(Items from a data source)

* * *

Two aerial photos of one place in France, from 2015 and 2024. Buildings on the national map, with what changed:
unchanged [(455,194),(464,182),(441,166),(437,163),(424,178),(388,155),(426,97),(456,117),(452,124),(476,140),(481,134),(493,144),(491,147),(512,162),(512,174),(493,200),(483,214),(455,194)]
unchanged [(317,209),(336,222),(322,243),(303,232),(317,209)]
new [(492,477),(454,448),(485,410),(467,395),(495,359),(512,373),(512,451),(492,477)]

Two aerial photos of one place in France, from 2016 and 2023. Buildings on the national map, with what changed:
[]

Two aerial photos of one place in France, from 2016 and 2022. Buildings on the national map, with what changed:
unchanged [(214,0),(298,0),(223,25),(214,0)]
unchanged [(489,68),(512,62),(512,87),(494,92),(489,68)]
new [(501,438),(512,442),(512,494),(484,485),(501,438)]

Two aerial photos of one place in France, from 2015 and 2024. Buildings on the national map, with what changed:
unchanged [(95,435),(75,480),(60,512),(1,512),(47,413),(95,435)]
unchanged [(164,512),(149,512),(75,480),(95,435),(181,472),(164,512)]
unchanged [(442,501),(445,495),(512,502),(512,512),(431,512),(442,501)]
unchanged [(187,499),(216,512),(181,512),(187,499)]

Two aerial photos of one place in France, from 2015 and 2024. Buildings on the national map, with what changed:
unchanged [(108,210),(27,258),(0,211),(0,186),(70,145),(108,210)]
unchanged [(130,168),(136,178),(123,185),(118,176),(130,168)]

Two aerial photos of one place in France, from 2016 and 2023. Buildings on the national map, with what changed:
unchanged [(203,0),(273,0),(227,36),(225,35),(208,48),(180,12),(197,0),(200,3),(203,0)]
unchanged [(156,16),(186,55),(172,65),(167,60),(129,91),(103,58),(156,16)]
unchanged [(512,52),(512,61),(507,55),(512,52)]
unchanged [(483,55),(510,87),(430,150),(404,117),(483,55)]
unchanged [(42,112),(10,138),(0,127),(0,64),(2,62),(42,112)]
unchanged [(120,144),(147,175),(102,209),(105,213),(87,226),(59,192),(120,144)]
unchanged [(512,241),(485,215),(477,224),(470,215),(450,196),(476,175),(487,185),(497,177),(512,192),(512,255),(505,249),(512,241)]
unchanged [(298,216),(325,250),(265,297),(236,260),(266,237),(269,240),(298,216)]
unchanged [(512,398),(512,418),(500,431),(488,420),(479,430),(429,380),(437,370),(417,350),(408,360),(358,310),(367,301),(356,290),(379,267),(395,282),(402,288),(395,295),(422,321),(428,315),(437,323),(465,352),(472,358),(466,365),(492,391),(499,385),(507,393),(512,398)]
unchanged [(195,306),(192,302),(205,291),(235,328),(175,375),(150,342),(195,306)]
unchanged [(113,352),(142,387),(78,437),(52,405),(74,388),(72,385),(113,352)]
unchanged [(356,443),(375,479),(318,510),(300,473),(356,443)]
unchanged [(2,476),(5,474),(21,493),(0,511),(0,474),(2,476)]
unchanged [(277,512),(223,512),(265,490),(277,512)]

* * *

#### [REQUIRED ACTION]
An exact copy of every record is needed, so retype them all.

#### [FINAL ANSWER]
Two aerial photos of one place in France, from 2015 and 2024. Buildings on the national map, with what changed:
unchanged [(455,194),(464,182),(441,166),(437,163),(424,178),(388,155),(426,97),(456,117),(452,124),(476,140),(481,134),(493,144),(491,147),(512,162),(512,174),(493,200),(483,214),(455,194)]
unchanged [(317,209),(336,222),(322,243),(303,232),(317,209)]
new [(492,477),(454,448),(485,410),(467,395),(495,359),(512,373),(512,451),(492,477)]

Two aerial photos of one place in France, from 2016 and 2023. Buildings on the national map, with what changed:
[]

Two aerial photos of one place in France, from 2016 and 2022. Buildings on the national map, with what changed:
unchanged [(214,0),(298,0),(223,25),(214,0)]
unchanged [(489,68),(512,62),(512,87),(494,92),(489,68)]
new [(501,438),(512,442),(512,494),(484,485),(501,438)]

Two aerial photos of one place in France, from 2015 and 2024. Buildings on the national map, with what changed:
unchanged [(95,435),(75,480),(60,512),(1,512),(47,413),(95,435)]
unchanged [(164,512),(149,512),(75,480),(95,435),(181,472),(164,512)]
unchanged [(442,501),(445,495),(512,502),(512,512),(431,512),(442,501)]
unchanged [(187,499),(216,512),(181,512),(187,499)]

Two aerial photos of one place in France, from 2015 and 2024. Buildings on the national map, with what changed:
unchanged [(108,210),(27,258),(0,211),(0,186),(70,145),(108,210)]
unchanged [(130,168),(136,178),(123,185),(118,176),(130,168)]

Two aerial photos of one place in France, from 2016 and 2023. Buildings on the national map, with what changed:
unchanged [(203,0),(273,0),(227,36),(225,35),(208,48),(180,12),(197,0),(200,3),(203,0)]
unchanged [(156,16),(186,55),(172,65),(167,60),(129,91),(103,58),(156,16)]
unchanged [(512,52),(512,61),(507,55),(512,52)]
unchanged [(483,55),(510,87),(430,150),(404,117),(483,55)]
unchanged [(42,112),(10,138),(0,127),(0,64),(2,62),(42,112)]
unchanged [(120,144),(147,175),(102,209),(105,213),(87,226),(59,192),(120,144)]
unchanged [(512,241),(485,215),(477,224),(470,215),(450,196),(476,175),(487,185),(497,177),(512,192),(512,255),(505,249),(512,241)]
unchanged [(298,216),(325,250),(265,297),(236,260),(266,237),(269,240),(298,216)]
unchanged [(512,398),(512,418),(500,431),(488,420),(479,430),(429,380),(437,370),(417,350),(408,360),(358,310),(367,301),(356,290),(379,267),(395,282),(402,288),(395,295),(422,321),(428,315),(437,323),(465,352),(472,358),(466,365),(492,391),(499,385),(507,393),(512,398)]
unchanged [(195,306),(192,302),(205,291),(235,328),(175,375),(150,342),(195,306)]
unchanged [(113,352),(142,387),(78,437),(52,405),(74,388),(72,385),(113,352)]
unchanged [(356,443),(375,479),(318,510),(300,473),(356,443)]
unchanged [(2,476),(5,474),(21,493),(0,511),(0,474),(2,476)]
unchanged [(277,512),(223,512),(265,490),(277,512)]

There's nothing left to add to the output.